The Cortex Sense. A layer taken from the field. Automatically build and enrich context from customer data and frequent usage patterns, without requiring manual semantic validation. Kleinerman described it as developing an automatic experience before any overt configuration takes place.

The difference between the two layers is one of construction and Kleinerman was right about it. "Think of Horizon Context as everything that is transparent and defined by customers, and Cortex Sense is anything that is implicit and captured by us," Kleinerman said.

The two layers connect to the existing Snowflake recovery infrastructure. Cortex Search, the company’s RAG implementation, connects to both CoCo and Cowork as a tool, so context enriched by either layer flows into the workflow.

While Horizon Context is a Snowflake technology, the goal is to be interoperable and open. Snowflake ties technology to Open Semantic Interchange, making customer-declared definitions portable to third-party catalogs and tools.

"Horizon Context, we are 100% committed and leading the effort to ensure that is not locked," Kleinerman said.

Content layers are everywhere. The question is which ones actually work.

Snowflake joins a very crowded field of vendors targeting the same problem. Microsoft has opened up its enterprise Fabric IQ ontology with MCP so that any vendor agent can draw on the shared semantic layer. Redis introduced Iris, an in-memory and context platform that sits between agents and their data, built on a storage engine redesigned for agent-scale retrieval volumes. Pinecone remaps the vector database to an information engine with Nexus, which aggregates business data into task-specific artifacts before agents even ask.

Devin Pratt, director of research at IDC, told VentureBeat that in his opinion Snowflake is headed in the right direction and is going where the rest of the market is going.

"Agents are only as good as the data and the semantics behind them, so the context layer, not the model, is what needs to be looked at right now," Pratt said.

In Pratt’s view, what works about the Snowflake version is the separation. Horizon Context includes what teams declare and choose for themselves, and Cortex Sense includes what the platform automatically picks up. Most importantly, they anchored Horizon Context within the catalog and management layer rather than binding it after the fact.

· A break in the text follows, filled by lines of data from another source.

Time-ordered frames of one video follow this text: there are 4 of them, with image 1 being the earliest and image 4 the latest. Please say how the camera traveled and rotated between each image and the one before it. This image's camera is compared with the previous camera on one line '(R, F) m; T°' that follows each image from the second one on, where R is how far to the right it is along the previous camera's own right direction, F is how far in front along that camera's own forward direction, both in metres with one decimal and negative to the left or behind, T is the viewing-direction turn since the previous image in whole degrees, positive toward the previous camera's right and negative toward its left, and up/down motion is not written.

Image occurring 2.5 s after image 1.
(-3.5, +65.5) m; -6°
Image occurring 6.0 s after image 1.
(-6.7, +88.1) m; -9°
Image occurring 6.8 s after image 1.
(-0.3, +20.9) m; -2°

"The core layer is the real AI battlefield for the agent. An agent is only as reliable as the data and semantics behind it" Pratt said.

Mike Leone, VP and principal analyst at Moor Insights and Strategy, agreed that treating the two divisions differently is the right call for architecture.

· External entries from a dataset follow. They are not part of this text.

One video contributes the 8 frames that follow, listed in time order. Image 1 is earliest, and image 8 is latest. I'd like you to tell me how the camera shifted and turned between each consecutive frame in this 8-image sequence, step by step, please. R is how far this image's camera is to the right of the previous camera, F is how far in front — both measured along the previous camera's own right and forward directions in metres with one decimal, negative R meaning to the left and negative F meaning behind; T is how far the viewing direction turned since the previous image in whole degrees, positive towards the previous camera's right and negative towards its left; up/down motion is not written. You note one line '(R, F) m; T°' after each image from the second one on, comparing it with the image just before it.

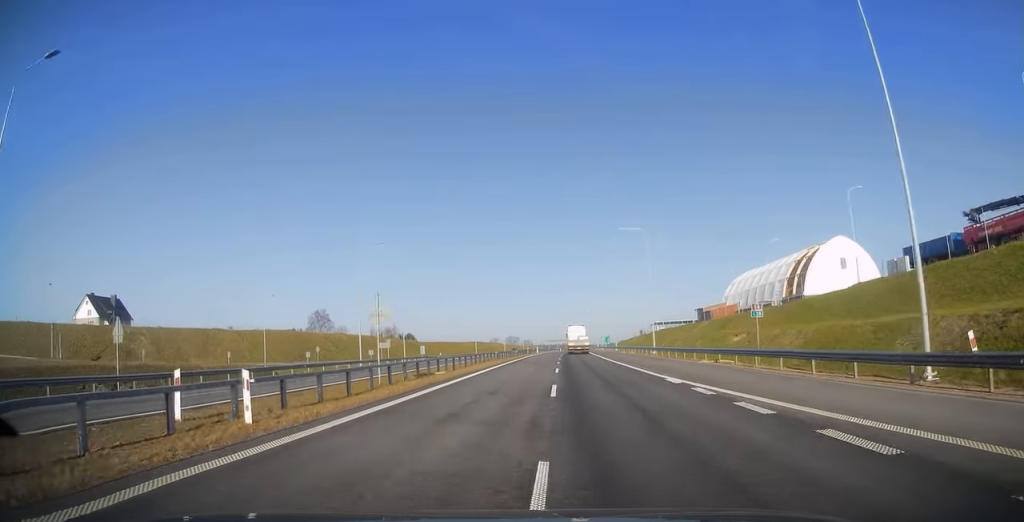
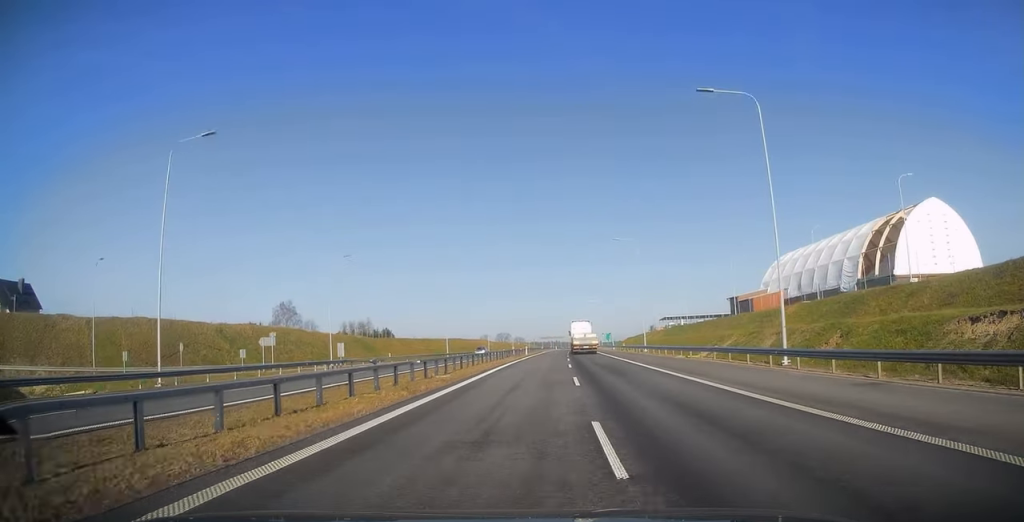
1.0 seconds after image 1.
(-0.3, +33.1) m; +1°
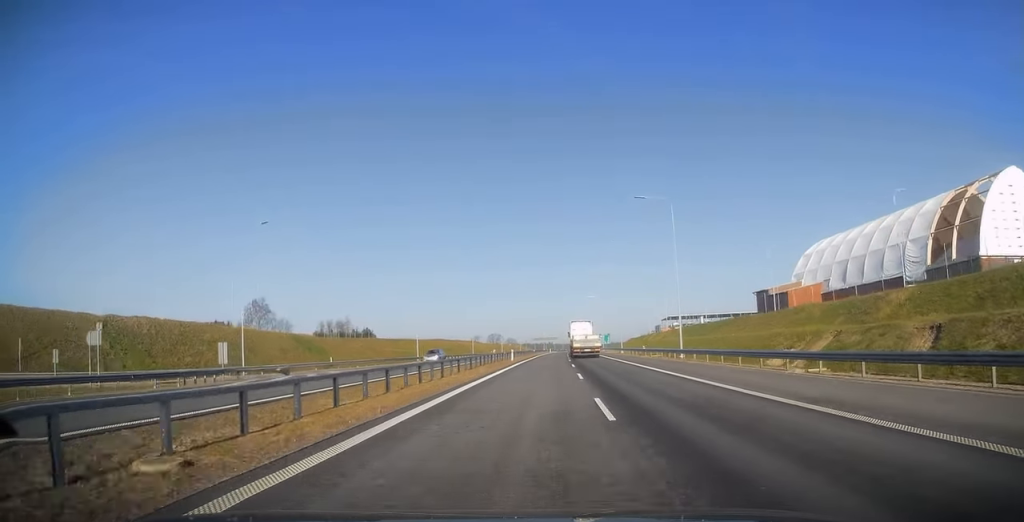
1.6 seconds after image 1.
(+0.4, +19.9) m; +1°
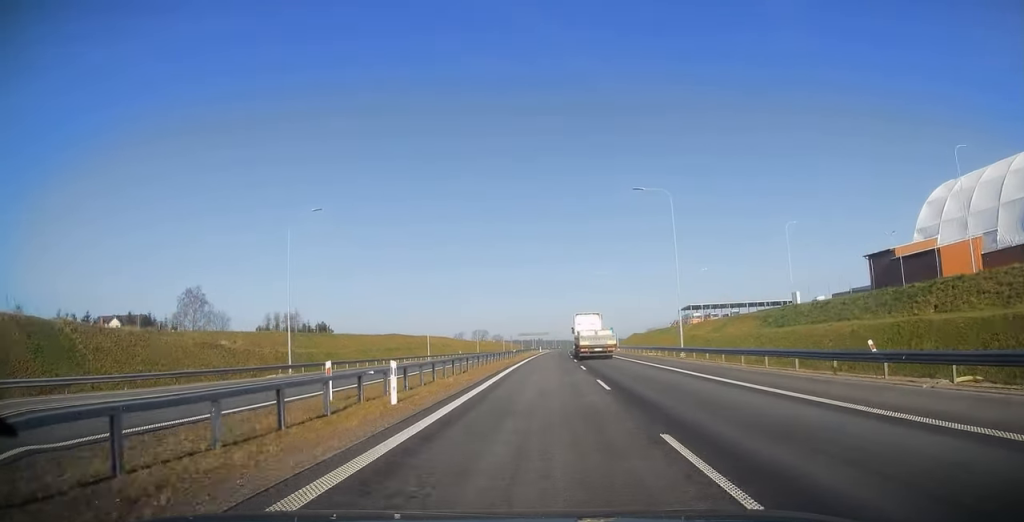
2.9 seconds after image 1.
(+0.3, +42.3) m; 0°
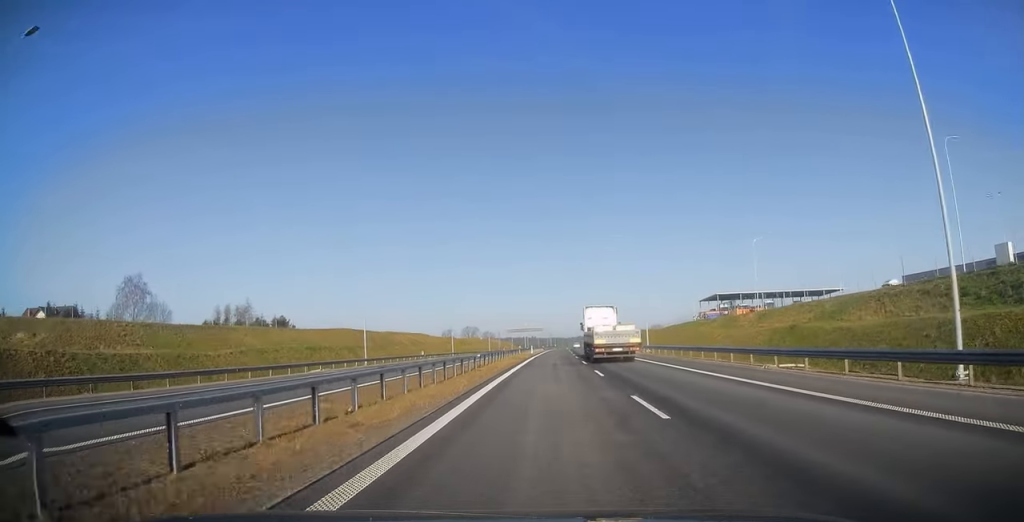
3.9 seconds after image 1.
(-0.1, +31.0) m; +1°
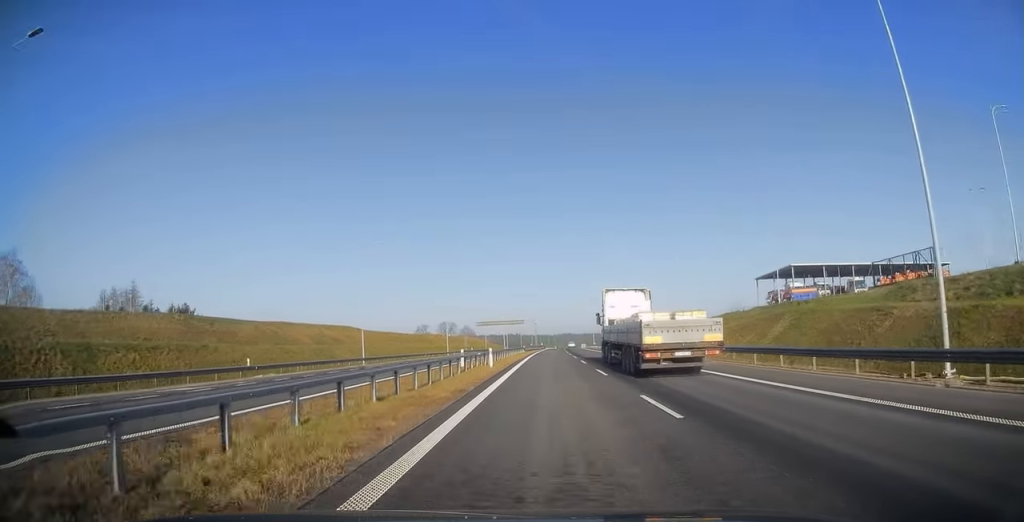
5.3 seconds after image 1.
(+1.1, +48.6) m; +2°
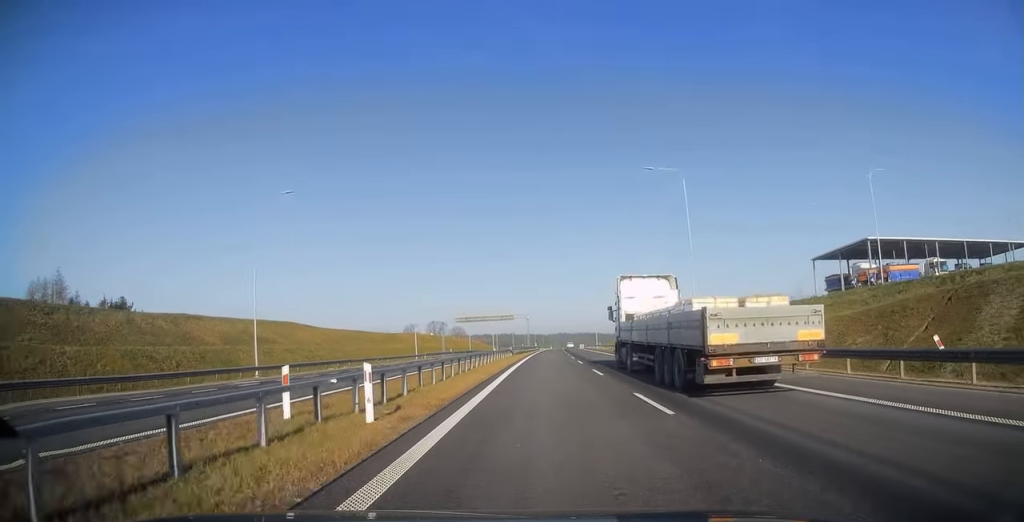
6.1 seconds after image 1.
(+0.2, +23.8) m; 0°
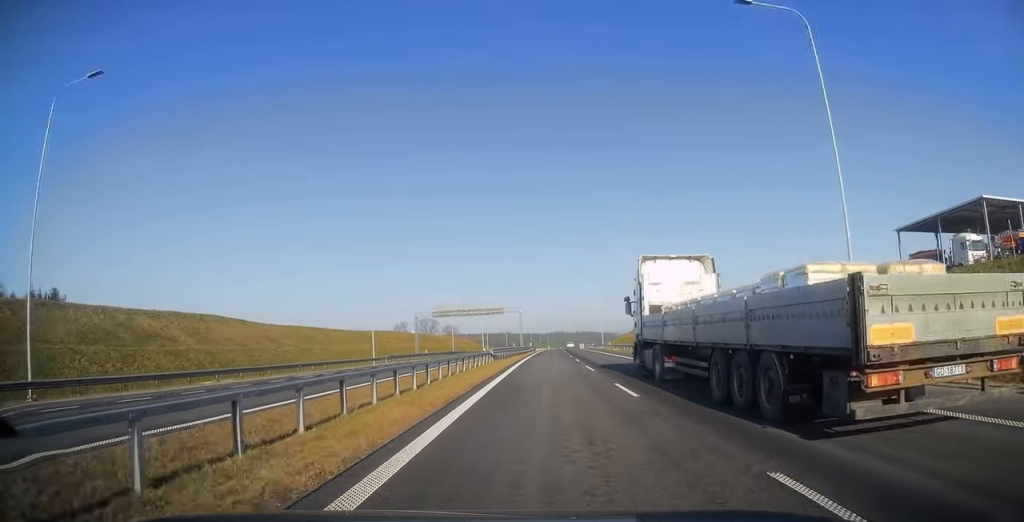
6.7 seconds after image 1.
(0.0, +21.0) m; 0°

"I like where Snowflake is headed. They divide context into two buckets, with Horizon Context covering what customers explicitly define and Cortex Sense covering what the platform itself detects," Leone told VentureBeat. "You can’t trust those two things the same way, so behaving differently is the right call. If Snowflake can show those two layers cleanly reconciled and you can see where all the feedback is coming from, they have something real."

What does this mean for businesses

For businesses exploring context layers, the architecture direction is clear. There is no execution gap.

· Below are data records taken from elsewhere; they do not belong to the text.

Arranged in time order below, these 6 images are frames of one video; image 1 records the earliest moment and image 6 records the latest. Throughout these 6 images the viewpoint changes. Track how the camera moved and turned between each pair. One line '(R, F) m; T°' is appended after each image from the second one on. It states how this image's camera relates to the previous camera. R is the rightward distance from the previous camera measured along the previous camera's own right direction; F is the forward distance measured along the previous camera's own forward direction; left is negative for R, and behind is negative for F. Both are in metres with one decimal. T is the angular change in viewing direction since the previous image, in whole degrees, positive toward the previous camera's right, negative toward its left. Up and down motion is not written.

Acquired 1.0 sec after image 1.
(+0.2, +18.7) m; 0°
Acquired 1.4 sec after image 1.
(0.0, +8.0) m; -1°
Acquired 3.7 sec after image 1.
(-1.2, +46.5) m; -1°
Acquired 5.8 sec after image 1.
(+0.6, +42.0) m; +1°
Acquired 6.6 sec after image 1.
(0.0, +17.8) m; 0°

Agents are raising the bar on an old problem. The idea of ​​a semantic layer has been around for years, but agents change what the cost of failure is – when an agent gives the wrong answer on the scale, the damage is accelerated. Leone is specific about what that means for many sellers currently in the market.

"Most drop-in fix vendors overpromise," Leone said. "Drop one in real business and it’s very revealing how dirty your data and definitions are, and many companies are about to find that out the hard way."

The check bar is clear. Pratt identified what separates active context layers from static ones: governance and pedigree built in so teams can examine why an agent gave the answer it did, portability so context and policy can’t be locked to a single vendor, and accuracy that can be scaled and reused across agents and tools.

"Businesses don’t need another silo of semantics," Pratt said. "They need a context layer that is manageable, portable, and reliable enough to be researched."